**What you have to do:** Every line of the listing should be repeated exactly.

**Data records:**
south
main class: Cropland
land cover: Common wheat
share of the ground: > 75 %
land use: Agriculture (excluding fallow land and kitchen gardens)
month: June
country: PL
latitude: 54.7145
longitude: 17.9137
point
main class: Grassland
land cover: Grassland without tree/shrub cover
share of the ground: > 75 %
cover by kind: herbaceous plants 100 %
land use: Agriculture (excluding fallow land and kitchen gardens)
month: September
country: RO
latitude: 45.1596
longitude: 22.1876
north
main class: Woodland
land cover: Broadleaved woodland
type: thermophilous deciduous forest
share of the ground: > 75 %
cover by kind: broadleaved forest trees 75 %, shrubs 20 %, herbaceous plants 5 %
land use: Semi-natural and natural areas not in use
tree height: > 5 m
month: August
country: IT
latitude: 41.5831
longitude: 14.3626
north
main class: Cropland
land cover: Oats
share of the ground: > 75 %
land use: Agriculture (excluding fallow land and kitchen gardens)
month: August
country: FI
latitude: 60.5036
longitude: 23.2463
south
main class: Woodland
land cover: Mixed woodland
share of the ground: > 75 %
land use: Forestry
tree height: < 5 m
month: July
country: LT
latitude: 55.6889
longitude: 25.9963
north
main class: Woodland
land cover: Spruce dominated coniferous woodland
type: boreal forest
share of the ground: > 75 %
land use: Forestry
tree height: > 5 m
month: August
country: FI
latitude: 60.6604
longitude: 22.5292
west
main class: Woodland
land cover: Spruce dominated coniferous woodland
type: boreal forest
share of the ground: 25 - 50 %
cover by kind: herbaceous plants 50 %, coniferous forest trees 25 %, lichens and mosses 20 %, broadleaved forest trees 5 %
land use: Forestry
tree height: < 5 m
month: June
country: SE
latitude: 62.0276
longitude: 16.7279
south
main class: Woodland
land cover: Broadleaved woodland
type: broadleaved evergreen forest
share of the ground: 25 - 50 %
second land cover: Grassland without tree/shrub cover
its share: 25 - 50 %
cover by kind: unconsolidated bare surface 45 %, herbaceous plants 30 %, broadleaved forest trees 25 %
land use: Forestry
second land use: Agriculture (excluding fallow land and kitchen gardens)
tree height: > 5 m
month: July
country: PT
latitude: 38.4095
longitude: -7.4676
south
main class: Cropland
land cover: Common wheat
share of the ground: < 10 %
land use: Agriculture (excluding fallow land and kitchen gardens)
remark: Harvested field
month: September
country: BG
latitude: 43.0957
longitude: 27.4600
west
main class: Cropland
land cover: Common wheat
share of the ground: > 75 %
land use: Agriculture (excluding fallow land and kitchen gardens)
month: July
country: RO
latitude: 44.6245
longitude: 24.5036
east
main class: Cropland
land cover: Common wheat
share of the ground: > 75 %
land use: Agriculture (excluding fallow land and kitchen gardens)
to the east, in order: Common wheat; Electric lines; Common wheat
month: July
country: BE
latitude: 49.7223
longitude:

**Result:**
south
main class: Cropland
land cover: Common wheat
share of the ground: > 75 %
land use: Agriculture (excluding fallow land and kitchen gardens)
month: June
country: PL
latitude: 54.7145
longitude: 17.9137
point
main class: Grassland
land cover: Grassland without tree/shrub cover
share of the ground: > 75 %
cover by kind: herbaceous plants 100 %
land use: Agriculture (excluding fallow land and kitchen gardens)
month: September
country: RO
latitude: 45.1596
longitude: 22.1876
north
main class: Woodland
land cover: Broadleaved woodland
type: thermophilous deciduous forest
share of the ground: > 75 %
cover by kind: broadleaved forest trees 75 %, shrubs 20 %, herbaceous plants 5 %
land use: Semi-natural and natural areas not in use
tree height: > 5 m
month: August
country: IT
latitude: 41.5831
longitude: 14.3626
north
main class: Cropland
land cover: Oats
share of the ground: > 75 %
land use: Agriculture (excluding fallow land and kitchen gardens)
month: August
country: FI
latitude: 60.5036
longitude: 23.2463
south
main class: Woodland
land cover: Mixed woodland
share of the ground: > 75 %
land use: Forestry
tree height: < 5 m
month: July
country: LT
latitude: 55.6889
longitude: 25.9963
north
main class: Woodland
land cover: Spruce dominated coniferous woodland
type: boreal forest
share of the ground: > 75 %
land use: Forestry
tree height: > 5 m
month: August
country: FI
latitude: 60.6604
longitude: 22.5292
west
main class: Woodland
land cover: Spruce dominated coniferous woodland
type: boreal forest
share of the ground: 25 - 50 %
cover by kind: herbaceous plants 50 %, coniferous forest trees 25 %, lichens and mosses 20 %, broadleaved forest trees 5 %
land use: Forestry
tree height: < 5 m
month: June
country: SE
latitude: 62.0276
longitude: 16.7279
south
main class: Woodland
land cover: Broadleaved woodland
type: broadleaved evergreen forest
share of the ground: 25 - 50 %
second land cover: Grassland without tree/shrub cover
its share: 25 - 50 %
cover by kind: unconsolidated bare surface 45 %, herbaceous plants 30 %, broadleaved forest trees 25 %
land use: Forestry
second land use: Agriculture (excluding fallow land and kitchen gardens)
tree height: > 5 m
month: July
country: PT
latitude: 38.4095
longitude: -7.4676
south
main class: Cropland
land cover: Common wheat
share of the ground: < 10 %
land use: Agriculture (excluding fallow land and kitchen gardens)
remark: Harvested field
month: September
country: BG
latitude: 43.0957
longitude: 27.4600
west
main class: Cropland
land cover: Common wheat
share of the ground: > 75 %
land use: Agriculture (excluding fallow land and kitchen gardens)
month: July
country: RO
latitude: 44.6245
longitude: 24.5036
east
main class: Cropland
land cover: Common wheat
share of the ground: > 75 %
land use: Agriculture (excluding fallow land and kitchen gardens)
to the east, in order: Common wheat; Electric lines; Common wheat
month: July
country: BE
latitude: 49.7223
longitude:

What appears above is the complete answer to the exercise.